PNC Financial Services Group has inked a definitive agreement to buy the US unit of Spanish banking group BBVA .
Under the agreement, PNC will pay $11.6bn in cash for the acquisition of BBVA USA Bancshares, including its US banking subsidiary BBVA USA.
The purchase price is nearly 50% of BBVA’s current market capitalisation. It is also 1.34 times the bank’s tangible book value as of September 2020.
PNC anticipates the deal to be nearly 21% accretive to earnings in 2022, adding $86bn of deposits and $66bn of loans.
The merger and integration costs for PNC is expected to be $980m, with cost savings in excess of $900m.
Post-transaction completion, BBVA USA Bancshares will be merged into PNC, and PNC will be the surviving entity.
Similarly, BBVA USA will be merged into PNC Bank and its branches will operate under the PNC Bank name.
Moreover, BBVA USA customers will also be migrated to the PNC platform.

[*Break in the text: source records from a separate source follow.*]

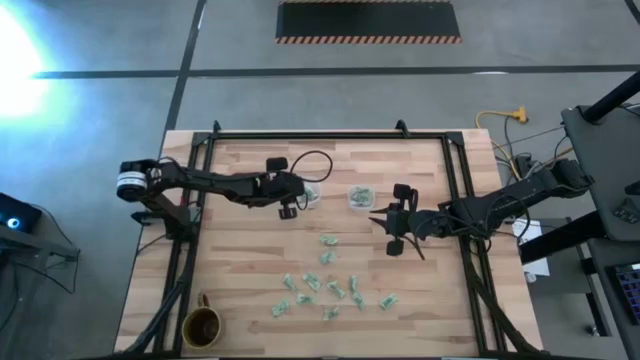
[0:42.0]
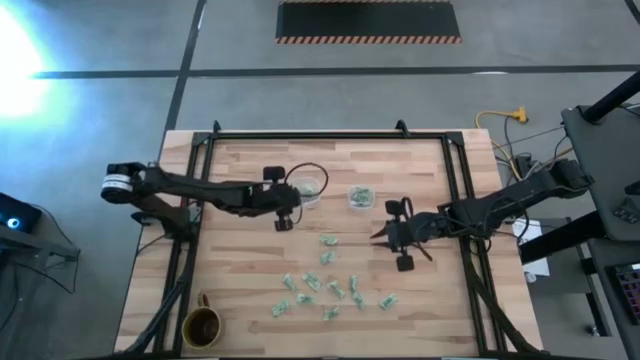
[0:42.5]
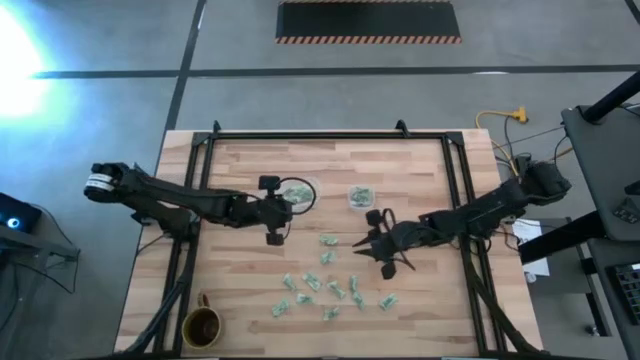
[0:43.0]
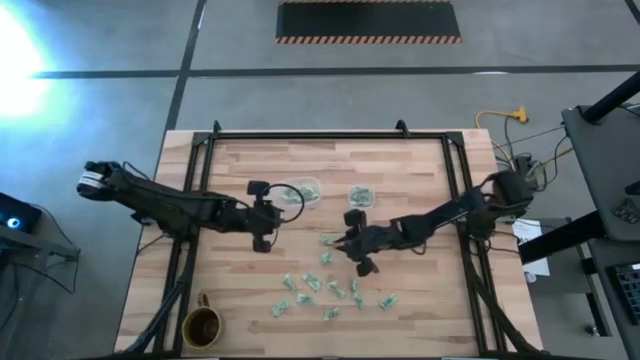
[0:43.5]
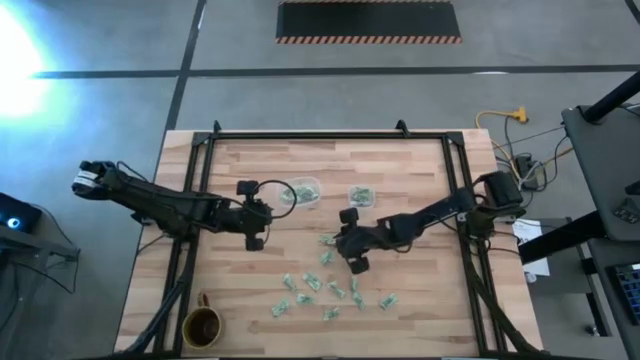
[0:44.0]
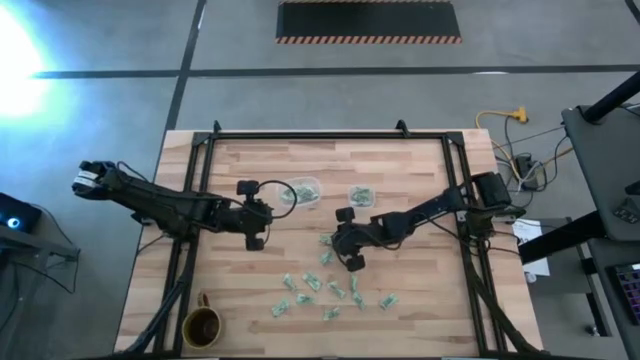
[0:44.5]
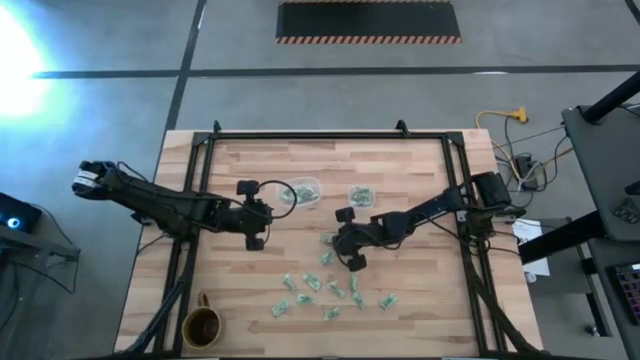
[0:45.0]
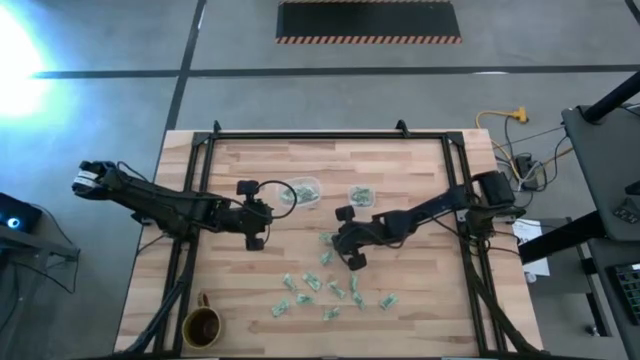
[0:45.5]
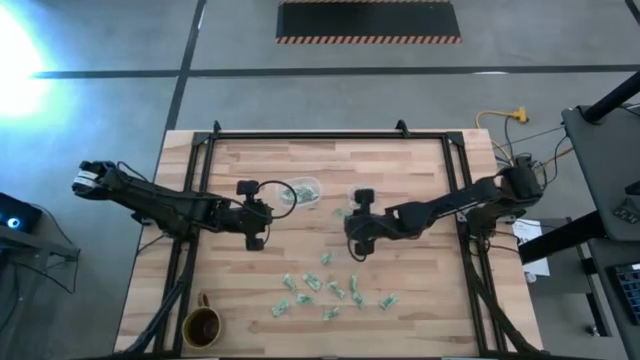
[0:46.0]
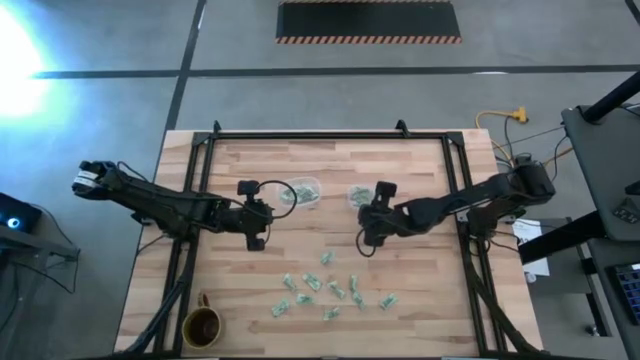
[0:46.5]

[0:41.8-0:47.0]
Task: Pick and place Stevia / Truvia into bins
Put the stevia packet into the transparent square container

The deal has been approved by the two companies’ boards of directors.
BBVA Securities, Propel Venture Partners Fund I, LP and BBVA Processing Services are not a part of the acquisition.
Texas-based BBVA USA Bancshares has $104bn in total assets, with its banking subsidiary BBVA USA providing commercial and retail banking services to customers.
It operates 637 branches in Texas, Alabama, Arizona, California, Florida, Colorado and New Mexico.
By merging with PNC, the lender will have a presence in 29 out of 30 markets across the US.
The deal is expected to complete in mid-2021, subject to the receipt of regulatory approvals.
PNC chairman, president and CEO William Demchak said: “Our acquisition of BBVA USA will accelerate our growth trajectory and drive long-term shareholder value through a strategic deployment of the proceeds from the sale of our BlackRock investment.
“This transaction is an opportunity to navigate our future from a position of strength, accelerating PNC’s national expansion strategy while drawing on our experience as a disciplined acquirer.”
BBVA group executive chairman Carlos Vila said: “This is a very positive transaction for all sides. The deal enhances our already strong financial position.
“We will have ample flexibility to profitably deploy capital in our markets strengthening our long-term growth profile and supporting economies in the recovery phase, and to increase distributions to shareholders.”